Paul finally stopped on the bank of a small stream and settled down for the night. Laying on his back, he gazed into the star filled sky. The fire crackled, the frogs croaked and the stream gently whispered to him. Suddenly jumping up, Paul cried out. Why should his friends suffer because of his mistake? He alone had ruined the circus and he alone was responsible for making things right! Dowsing the fire he headed back into town at a dead run.
Paul arrived at the circus camp just as the sun peeked above the horizon. Taking a deep breath he thundered out the circus warning signal, " JOHHNY CAKES!…..JOHHNY CAKES!.....JOHNNY CAKES!!!! " at the top of his lungs. The alert quickly echoed throughout the circus camp and repeated as the circus people poured from their wagons ready to deal with what had triggered the warning with clubs, tent stakes or whatever was handy.
Seeing no immediate threat, they gathered around Paul demanding an explanation. Paul explained his plan and finally convinced Mr. Tully as well as everyone else to let him try and correct his mistake. Paul headed down the road with a double bladed axe on his shoulder. He was followed by Tiny the elephant with a long heavy chain trailing from her trunk. Matma, her trainer, occupying his usual spot just behind her ears.
It wasn't long before Paul found what he was looking for and disappeared into the forest. He stepped up to and cut down a very tall, straight, fir tree. After it fell, he cut off its top and then the limbs. Paul stepped to another tall fir and repeated the process. In about an hour, Paul and Matma had two dozen cut firs trees laying on the road. Wrapping the heavy chain around the butt ends of the trees, he motioned to Matma. Paul hooked the chain to Tiny's work chain and gave Matma the signal. On the second try, Tiny got the bundle of trees moving.

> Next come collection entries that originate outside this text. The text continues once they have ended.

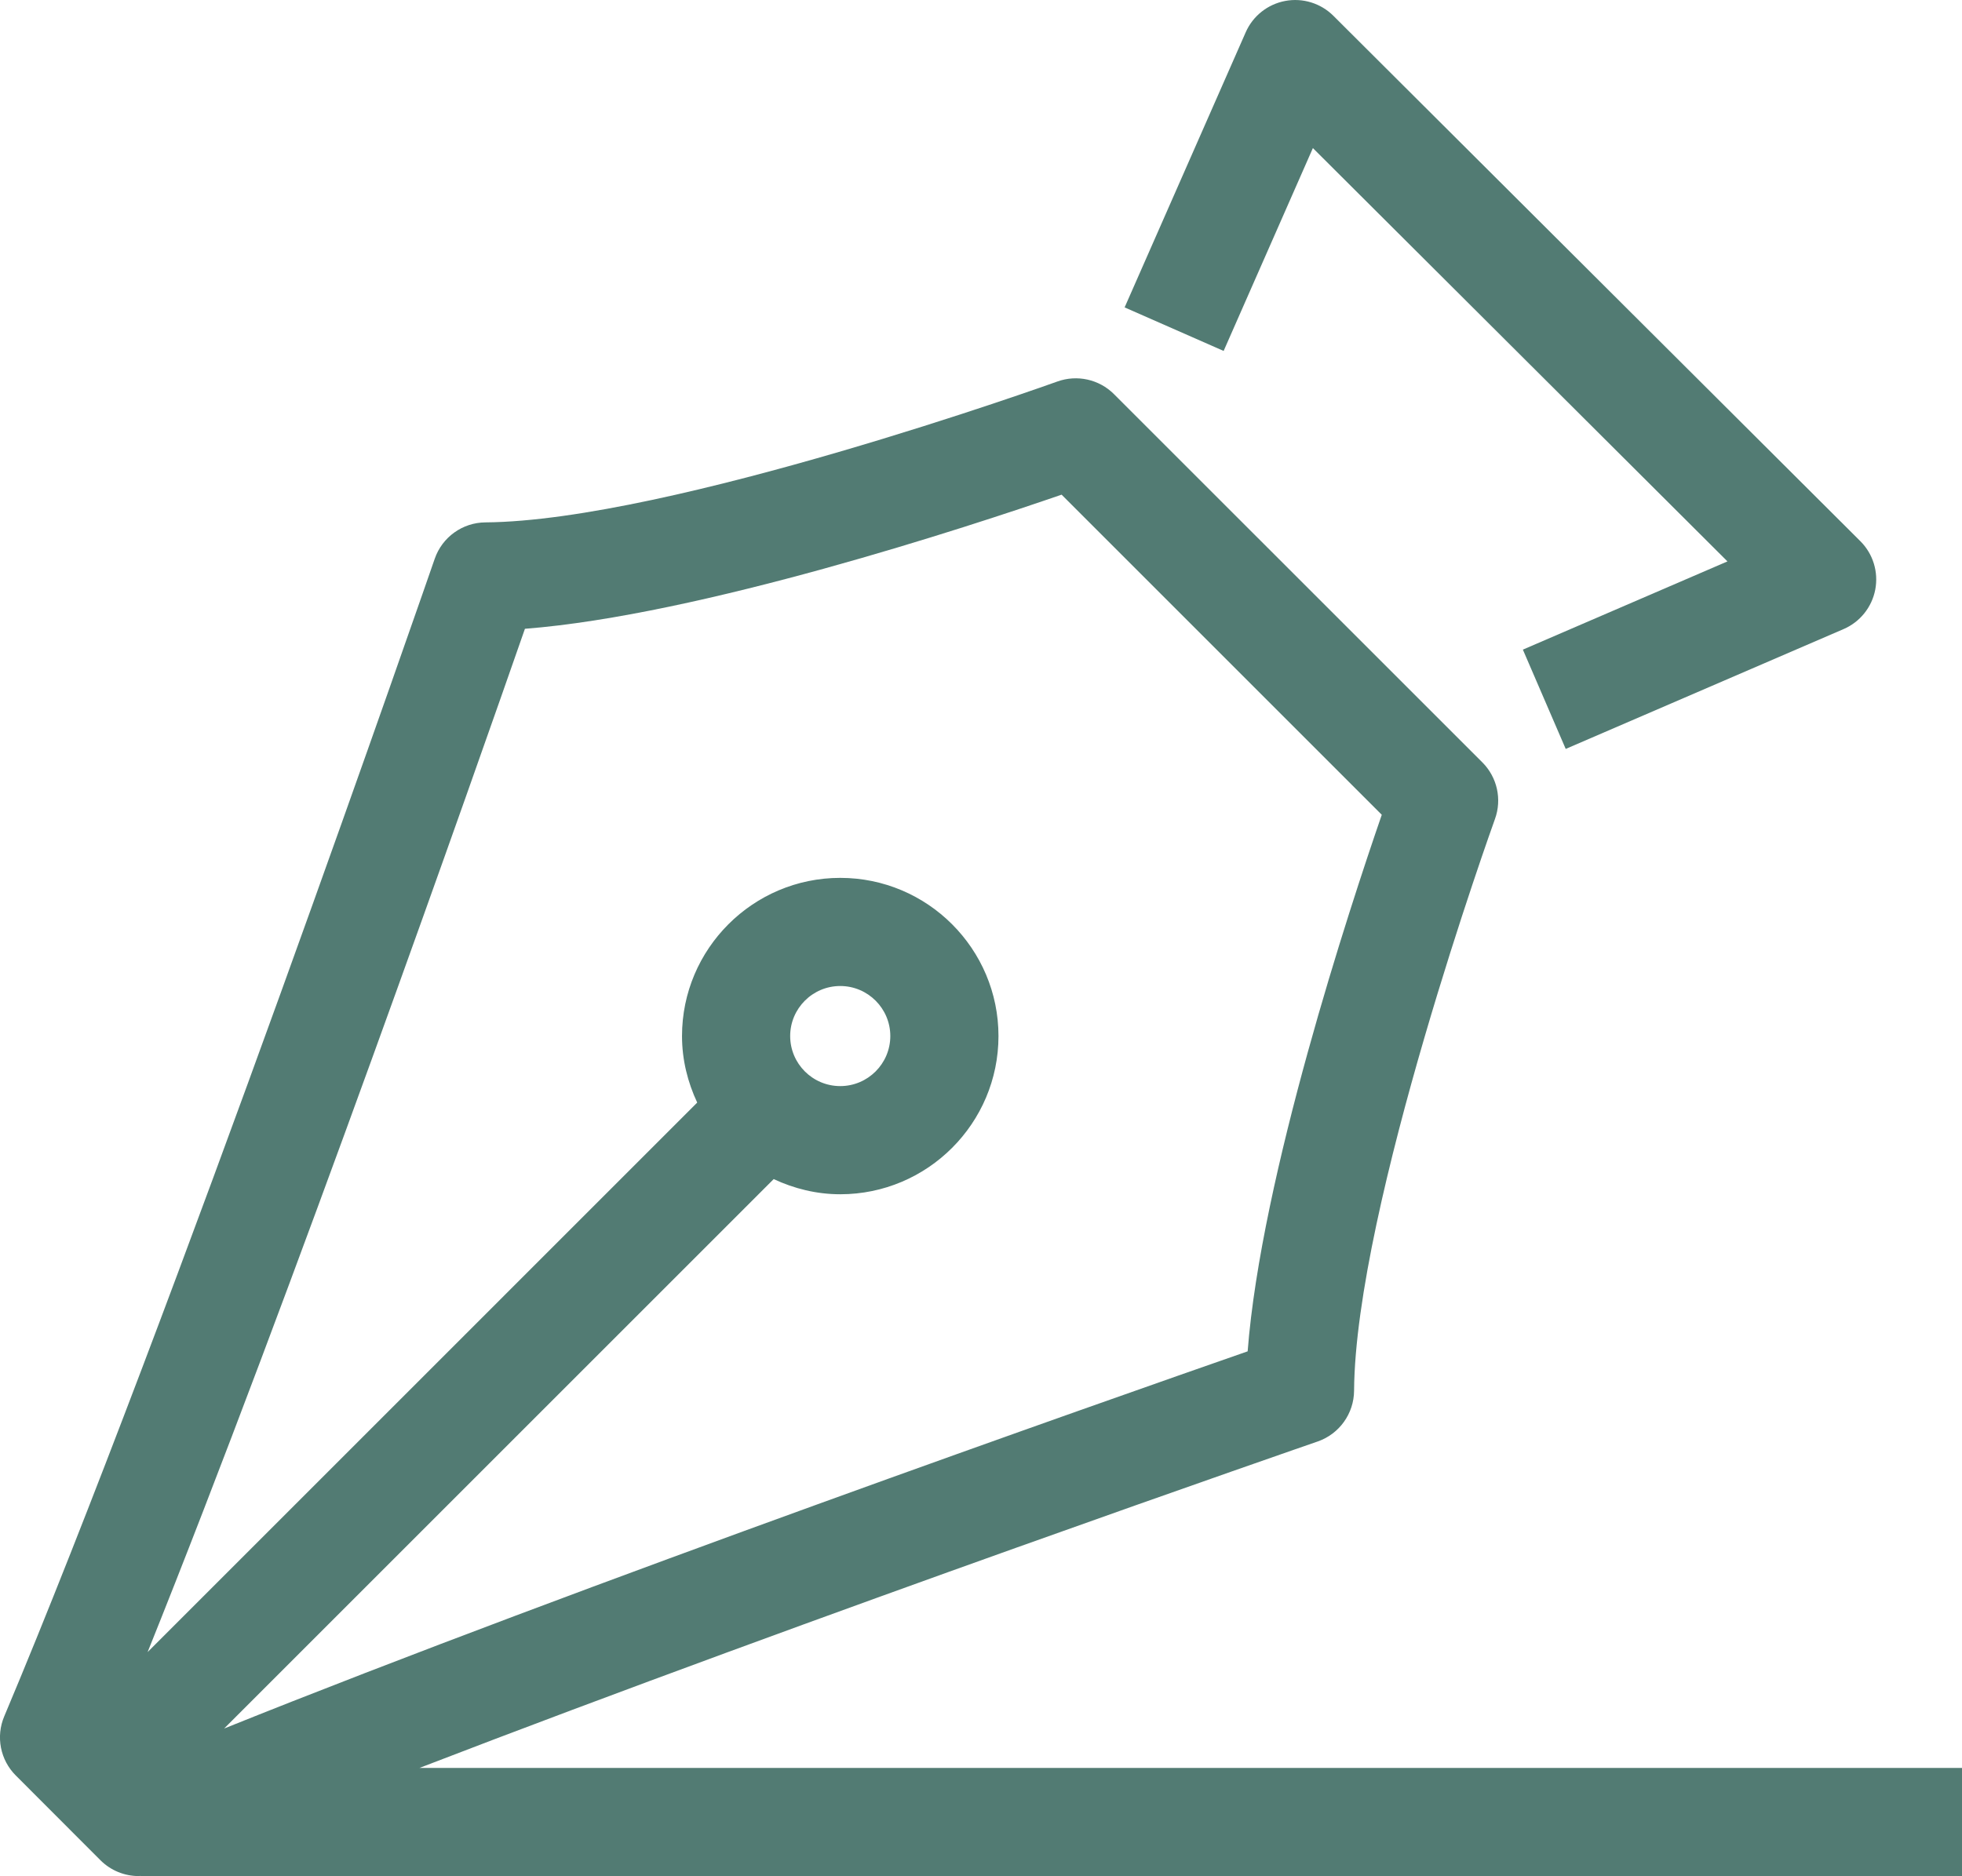 <?xml version="1.0" encoding="utf-8"?>
<!-- Generator: Adobe Illustrator 16.0.0, SVG Export Plug-In . SVG Version: 6.00 Build 0)  -->
<!DOCTYPE svg PUBLIC "-//W3C//DTD SVG 1.1//EN" "http://www.w3.org/Graphics/SVG/1.1/DTD/svg11.dtd">
<svg version="1.1" id="Camada_1" xmlns="http://www.w3.org/2000/svg" xmlns:xlink="http://www.w3.org/1999/xlink" x="0px" y="0px"
	 width="69.834px" height="66.792px" viewBox="0 0 69.834 66.792" enable-background="new 0 0 69.834 66.792" xml:space="preserve">
<path fill="#527B73" d="M14.927,62.943C29.095,57.48,46.683,51.395,46.9,51.32c0.771-0.268,1.29-0.991,1.296-1.808
	c0.044-6.536,4.965-20.216,5.015-20.354c0.254-0.702,0.079-1.488-0.449-2.016L39.649,14.031c-0.527-0.527-1.313-0.701-2.015-0.448
	c-0.138,0.049-13.815,4.966-20.356,5.015c-0.816,0.005-1.539,0.525-1.805,1.296c-0.094,0.27-9.39,27.142-15.322,41.211
	c-0.305,0.721-0.142,1.555,0.412,2.107l3.013,3.017c0.369,0.368,0.861,0.563,1.363,0.563c0.02,0,0.042-0.006,0.063-0.007v0.007
	h64.832v-3.85H14.927z M18.684,22.386c6.216-0.482,15.786-3.631,19.102-4.775l11.396,11.397c-1.144,3.315-4.295,12.884-4.774,19.102
	c-4.952,1.726-23.69,8.305-36.431,13.429l19.561-19.561c0.722,0.337,1.52,0.54,2.369,0.54c3.106,0,5.632-2.526,5.632-5.633
	c0-3.104-2.526-5.631-5.632-5.631s-5.632,2.527-5.632,5.631c0,0.85,0.203,1.646,0.541,2.369L5.254,58.817
	C10.378,46.078,16.958,27.337,18.684,22.386 M28.125,36.885c0-0.982,0.799-1.781,1.782-1.781s1.782,0.799,1.782,1.781
	c0,0.983-0.799,1.782-1.782,1.782S28.125,37.869,28.125,36.885"/>
<path fill="#527B73" d="M46.73,5.272l14.756,14.715l-7.282,3.141l1.525,3.535l9.889-4.266c0.587-0.253,1.009-0.78,1.129-1.407
	c0.119-0.627-0.079-1.273-0.532-1.724L47.459,0.562c-0.45-0.448-1.091-0.646-1.716-0.528c-0.624,0.118-1.15,0.535-1.405,1.117
	l-4.309,9.793l3.524,1.55L46.73,5.272z"/>
<rect y="0" fill="none" width="69.834" height="66.792"/>
</svg>

A shout rang out as Paul, Matma, Tiny and her bundle of trees crested the top of the hill at the edge of town. Everyone chipped in and worked like they had never worked before. By 1 PM, the broken poles had been replaced with the new trees Paul had cut. The big top once again reached for the sky and the circus was back in business ready for their afternoon performance. The circus had been saved.
That fate-full Friday the 13th changed many things forever. Most circus people are still superstitious. Many people still believe that Friday the 13th is bad luck. And almost all of the remaining circuses have switched from wood to the new aluminum tent poles.
And Paul? Well, that was a very eventful day for good Ol' Paul Bunyan. He brought down the house, ruined the circus, lost his job and cost his friends their jobs. He had an epiphany, saved the circus restored his friends jobs as well as their faith in him. Paul would never forget as long as he lived that the consequences of his actions affect not only him, but other people as well!
While saving the circus Paul had realized his true calling as a lumberjack. He quickly returned home to see his parents and set things right with them before heading to the woods to start his new career as a logger, creating commercial logging. And no matter wherever Paul went, the circus would always have a special place in his heart And now as Paul Harvey would say, “Now you know the rest of the story.”